Some studies have reported that perforation of the disc may arise due to high shear stresses [32–34]. Our simulation results show that the highest shear stress occurs at the boundaries of the middle-anterior and middle-posterior regions. This may be due to the transition of the loading conditions from compressive in the intermediate zone to tensile in the anterior and posterior bands.

There are some limitations in the present study. Only oblique sagittal jaw displacement has been considered using this 2D FE model, so our results are not as vivid as they might have been with a 3D model. Also, some simplifications were made with respect to the displacement loading: displacement of the disc boundary was obtained from the corresponding node pairs of the two disc configurations, which may lead to stress concentration on parts of the boundary. However, most simulation results are highly reasonable.
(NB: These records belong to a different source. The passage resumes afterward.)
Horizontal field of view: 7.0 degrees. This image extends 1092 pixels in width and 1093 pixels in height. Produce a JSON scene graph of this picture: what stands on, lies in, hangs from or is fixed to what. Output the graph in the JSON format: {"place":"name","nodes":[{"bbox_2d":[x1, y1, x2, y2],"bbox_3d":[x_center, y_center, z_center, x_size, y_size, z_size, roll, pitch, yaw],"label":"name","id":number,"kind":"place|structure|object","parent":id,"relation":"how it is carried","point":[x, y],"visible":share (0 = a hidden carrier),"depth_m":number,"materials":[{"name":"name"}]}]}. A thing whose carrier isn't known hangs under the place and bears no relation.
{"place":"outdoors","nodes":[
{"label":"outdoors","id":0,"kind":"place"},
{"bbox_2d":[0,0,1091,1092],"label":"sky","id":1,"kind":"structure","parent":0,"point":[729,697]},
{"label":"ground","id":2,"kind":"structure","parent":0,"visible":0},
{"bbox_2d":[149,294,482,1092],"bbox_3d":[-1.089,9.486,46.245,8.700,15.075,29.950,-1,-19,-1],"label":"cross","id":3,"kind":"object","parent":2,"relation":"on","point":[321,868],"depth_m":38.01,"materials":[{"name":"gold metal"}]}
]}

The present work represents an innovative trial of a more accurate technique for predicting the stress response during similar motion problems, not only for discs but also for other organs, tissues and joints in the human body.

Conclusion

The simulations showed that the highest compressive stress occurred in the intermediate zone, whereas the anterior and posterior bands experienced mainly tensile stress. Fiber orientation had a significant effect on the stress/strain patterns. The stress and strain increased slightly with the opening distance, but were remarkably stable. The highest shear stress was at the interfaces between the medial-anterior and medial-posterior zones. Generally, the stress and strain remained at a reasonable level during jaw opening, indicating that the disc experiences no injury during functional opening movements in a healthy joint.